__DATA SHOWN__.
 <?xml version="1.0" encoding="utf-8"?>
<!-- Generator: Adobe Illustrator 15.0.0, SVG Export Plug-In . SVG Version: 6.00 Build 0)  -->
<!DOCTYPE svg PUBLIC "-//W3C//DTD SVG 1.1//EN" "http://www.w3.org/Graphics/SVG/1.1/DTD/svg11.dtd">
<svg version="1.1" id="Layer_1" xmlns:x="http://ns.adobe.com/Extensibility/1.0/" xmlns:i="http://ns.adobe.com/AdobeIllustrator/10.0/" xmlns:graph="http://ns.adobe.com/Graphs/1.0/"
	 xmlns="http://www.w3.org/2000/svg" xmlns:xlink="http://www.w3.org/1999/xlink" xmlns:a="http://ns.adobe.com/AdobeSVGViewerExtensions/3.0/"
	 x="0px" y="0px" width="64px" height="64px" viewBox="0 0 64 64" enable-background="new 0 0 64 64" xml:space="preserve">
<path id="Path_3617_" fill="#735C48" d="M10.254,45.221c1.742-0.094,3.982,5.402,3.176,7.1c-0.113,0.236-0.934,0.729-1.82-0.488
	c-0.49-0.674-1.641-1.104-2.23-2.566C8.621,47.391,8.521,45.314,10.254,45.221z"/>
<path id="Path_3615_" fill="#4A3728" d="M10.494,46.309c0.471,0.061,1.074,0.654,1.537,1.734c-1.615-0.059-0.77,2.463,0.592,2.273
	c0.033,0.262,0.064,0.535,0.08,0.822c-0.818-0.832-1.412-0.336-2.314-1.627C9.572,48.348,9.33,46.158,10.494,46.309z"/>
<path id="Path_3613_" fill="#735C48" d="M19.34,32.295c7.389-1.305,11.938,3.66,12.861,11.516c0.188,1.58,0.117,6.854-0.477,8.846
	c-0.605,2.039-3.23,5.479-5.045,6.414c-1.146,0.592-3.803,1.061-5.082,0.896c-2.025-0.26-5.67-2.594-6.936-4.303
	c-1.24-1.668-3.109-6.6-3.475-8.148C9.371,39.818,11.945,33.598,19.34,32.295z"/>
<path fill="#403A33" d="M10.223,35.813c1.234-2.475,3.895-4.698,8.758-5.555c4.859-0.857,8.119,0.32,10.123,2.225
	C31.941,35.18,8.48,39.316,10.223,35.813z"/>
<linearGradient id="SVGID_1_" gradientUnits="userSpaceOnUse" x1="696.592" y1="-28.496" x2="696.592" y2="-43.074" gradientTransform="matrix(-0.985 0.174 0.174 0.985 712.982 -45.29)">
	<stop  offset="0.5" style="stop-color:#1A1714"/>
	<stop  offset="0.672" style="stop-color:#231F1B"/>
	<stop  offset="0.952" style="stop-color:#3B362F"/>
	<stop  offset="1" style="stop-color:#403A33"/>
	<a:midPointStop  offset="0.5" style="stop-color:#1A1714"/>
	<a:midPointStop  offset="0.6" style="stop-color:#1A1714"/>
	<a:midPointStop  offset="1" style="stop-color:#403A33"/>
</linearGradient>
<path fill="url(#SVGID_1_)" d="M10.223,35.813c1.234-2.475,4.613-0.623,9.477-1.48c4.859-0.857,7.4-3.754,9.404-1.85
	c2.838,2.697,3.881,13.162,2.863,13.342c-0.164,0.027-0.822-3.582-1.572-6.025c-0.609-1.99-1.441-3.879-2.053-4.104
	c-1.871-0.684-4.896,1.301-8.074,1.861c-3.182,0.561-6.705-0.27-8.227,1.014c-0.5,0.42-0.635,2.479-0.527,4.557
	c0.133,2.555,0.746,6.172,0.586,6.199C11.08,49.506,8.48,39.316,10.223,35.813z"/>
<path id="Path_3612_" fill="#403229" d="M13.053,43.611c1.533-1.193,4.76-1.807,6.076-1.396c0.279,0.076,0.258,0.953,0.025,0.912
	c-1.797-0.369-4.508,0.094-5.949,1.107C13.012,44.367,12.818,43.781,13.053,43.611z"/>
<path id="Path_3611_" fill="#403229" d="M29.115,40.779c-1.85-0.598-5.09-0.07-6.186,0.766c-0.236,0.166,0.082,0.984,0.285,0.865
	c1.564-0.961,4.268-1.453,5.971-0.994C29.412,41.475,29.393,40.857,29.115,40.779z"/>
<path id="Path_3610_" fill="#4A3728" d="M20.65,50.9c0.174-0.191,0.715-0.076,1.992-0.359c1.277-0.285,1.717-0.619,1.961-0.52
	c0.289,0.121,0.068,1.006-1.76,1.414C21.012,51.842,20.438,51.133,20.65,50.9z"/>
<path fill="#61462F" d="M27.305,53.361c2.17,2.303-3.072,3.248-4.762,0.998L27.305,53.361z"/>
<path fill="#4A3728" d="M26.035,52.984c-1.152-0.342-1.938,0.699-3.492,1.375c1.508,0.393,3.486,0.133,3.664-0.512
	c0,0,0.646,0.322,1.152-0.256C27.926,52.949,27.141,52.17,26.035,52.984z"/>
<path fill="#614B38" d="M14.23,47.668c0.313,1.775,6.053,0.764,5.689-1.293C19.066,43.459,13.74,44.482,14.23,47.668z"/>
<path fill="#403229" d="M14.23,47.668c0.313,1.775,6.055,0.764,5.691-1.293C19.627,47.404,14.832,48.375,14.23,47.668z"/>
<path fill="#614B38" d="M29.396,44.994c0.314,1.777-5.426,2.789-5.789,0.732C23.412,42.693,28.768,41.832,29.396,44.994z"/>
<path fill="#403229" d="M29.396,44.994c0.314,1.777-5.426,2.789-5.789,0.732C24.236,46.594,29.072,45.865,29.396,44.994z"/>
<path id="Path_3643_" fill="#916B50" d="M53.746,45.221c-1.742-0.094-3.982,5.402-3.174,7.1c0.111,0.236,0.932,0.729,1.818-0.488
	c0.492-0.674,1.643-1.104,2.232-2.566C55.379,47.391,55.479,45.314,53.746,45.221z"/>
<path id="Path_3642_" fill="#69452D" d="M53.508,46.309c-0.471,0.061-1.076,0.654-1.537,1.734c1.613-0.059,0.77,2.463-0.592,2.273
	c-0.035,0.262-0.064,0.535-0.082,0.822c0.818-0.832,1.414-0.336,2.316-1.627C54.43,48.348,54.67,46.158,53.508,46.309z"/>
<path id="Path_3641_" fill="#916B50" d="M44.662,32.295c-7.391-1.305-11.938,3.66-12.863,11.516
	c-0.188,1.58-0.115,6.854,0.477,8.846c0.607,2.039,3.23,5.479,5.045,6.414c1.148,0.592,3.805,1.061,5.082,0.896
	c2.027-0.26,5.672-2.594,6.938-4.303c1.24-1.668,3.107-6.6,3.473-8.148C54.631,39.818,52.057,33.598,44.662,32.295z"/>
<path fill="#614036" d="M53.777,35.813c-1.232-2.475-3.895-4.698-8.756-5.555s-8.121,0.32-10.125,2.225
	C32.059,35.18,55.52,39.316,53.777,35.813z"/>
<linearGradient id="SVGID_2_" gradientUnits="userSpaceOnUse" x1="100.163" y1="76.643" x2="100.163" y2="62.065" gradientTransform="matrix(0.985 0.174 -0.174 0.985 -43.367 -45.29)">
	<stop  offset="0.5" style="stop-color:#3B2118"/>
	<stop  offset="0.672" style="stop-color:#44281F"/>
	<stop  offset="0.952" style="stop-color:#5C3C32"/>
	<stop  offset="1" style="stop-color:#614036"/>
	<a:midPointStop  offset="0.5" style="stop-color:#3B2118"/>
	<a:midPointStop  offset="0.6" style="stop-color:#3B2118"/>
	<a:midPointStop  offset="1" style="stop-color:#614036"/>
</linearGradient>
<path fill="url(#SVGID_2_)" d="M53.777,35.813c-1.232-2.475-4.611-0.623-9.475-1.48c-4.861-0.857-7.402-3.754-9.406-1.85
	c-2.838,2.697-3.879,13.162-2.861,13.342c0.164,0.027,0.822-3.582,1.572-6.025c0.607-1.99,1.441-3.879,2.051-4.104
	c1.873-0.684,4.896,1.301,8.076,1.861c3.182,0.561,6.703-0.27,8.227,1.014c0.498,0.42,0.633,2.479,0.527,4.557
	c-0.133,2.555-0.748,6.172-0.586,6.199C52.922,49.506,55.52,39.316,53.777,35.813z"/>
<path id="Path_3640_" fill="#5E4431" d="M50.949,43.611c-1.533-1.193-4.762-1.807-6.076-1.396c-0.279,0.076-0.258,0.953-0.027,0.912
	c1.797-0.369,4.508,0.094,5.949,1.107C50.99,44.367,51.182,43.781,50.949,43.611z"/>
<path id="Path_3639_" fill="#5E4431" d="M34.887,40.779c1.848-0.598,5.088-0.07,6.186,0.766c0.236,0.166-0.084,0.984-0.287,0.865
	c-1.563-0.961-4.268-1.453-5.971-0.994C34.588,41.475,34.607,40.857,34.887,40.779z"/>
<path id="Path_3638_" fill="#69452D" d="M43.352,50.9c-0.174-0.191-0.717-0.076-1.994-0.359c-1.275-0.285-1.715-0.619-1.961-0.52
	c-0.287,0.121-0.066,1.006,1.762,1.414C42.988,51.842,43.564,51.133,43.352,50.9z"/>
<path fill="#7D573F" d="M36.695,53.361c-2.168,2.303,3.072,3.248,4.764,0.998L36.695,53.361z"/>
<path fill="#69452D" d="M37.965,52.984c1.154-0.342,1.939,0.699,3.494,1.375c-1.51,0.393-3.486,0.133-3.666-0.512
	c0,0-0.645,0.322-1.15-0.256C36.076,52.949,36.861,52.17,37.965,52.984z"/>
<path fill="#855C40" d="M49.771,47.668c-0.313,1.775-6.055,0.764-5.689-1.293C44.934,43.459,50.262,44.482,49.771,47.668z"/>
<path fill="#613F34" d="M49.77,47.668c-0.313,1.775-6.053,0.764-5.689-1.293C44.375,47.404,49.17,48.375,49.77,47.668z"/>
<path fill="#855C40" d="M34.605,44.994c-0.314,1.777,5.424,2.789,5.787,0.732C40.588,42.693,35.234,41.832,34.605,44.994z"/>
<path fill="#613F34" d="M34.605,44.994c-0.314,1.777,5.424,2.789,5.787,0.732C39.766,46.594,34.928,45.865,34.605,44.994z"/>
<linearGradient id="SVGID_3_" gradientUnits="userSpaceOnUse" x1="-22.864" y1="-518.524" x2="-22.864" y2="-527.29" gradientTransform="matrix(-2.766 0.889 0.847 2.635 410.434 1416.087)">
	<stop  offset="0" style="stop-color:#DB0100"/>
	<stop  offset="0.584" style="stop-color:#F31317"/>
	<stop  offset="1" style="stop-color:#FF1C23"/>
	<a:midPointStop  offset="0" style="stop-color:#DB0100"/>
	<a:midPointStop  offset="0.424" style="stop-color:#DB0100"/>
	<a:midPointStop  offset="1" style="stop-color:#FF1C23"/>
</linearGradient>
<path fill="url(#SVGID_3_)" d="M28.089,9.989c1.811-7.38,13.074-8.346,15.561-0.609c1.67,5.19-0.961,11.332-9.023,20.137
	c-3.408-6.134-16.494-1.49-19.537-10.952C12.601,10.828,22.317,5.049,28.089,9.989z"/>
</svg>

__PROBLEM DESCRIPTION__. Each line in the records that carries "matrix" must be copied out.

__TASK RESPONSE__.
<linearGradient id="SVGID_1_" gradientUnits="userSpaceOnUse" x1="696.592" y1="-28.496" x2="696.592" y2="-43.074" gradientTransform="matrix(-0.985 0.174 0.174 0.985 712.982 -45.29)">
<linearGradient id="SVGID_2_" gradientUnits="userSpaceOnUse" x1="100.163" y1="76.643" x2="100.163" y2="62.065" gradientTransform="matrix(0.985 0.174 -0.174 0.985 -43.367 -45.29)">
<linearGradient id="SVGID_3_" gradientUnits="userSpaceOnUse" x1="-22.864" y1="-518.524" x2="-22.864" y2="-527.29" gradientTransform="matrix(-2.766 0.889 0.847 2.635 410.434 1416.087)">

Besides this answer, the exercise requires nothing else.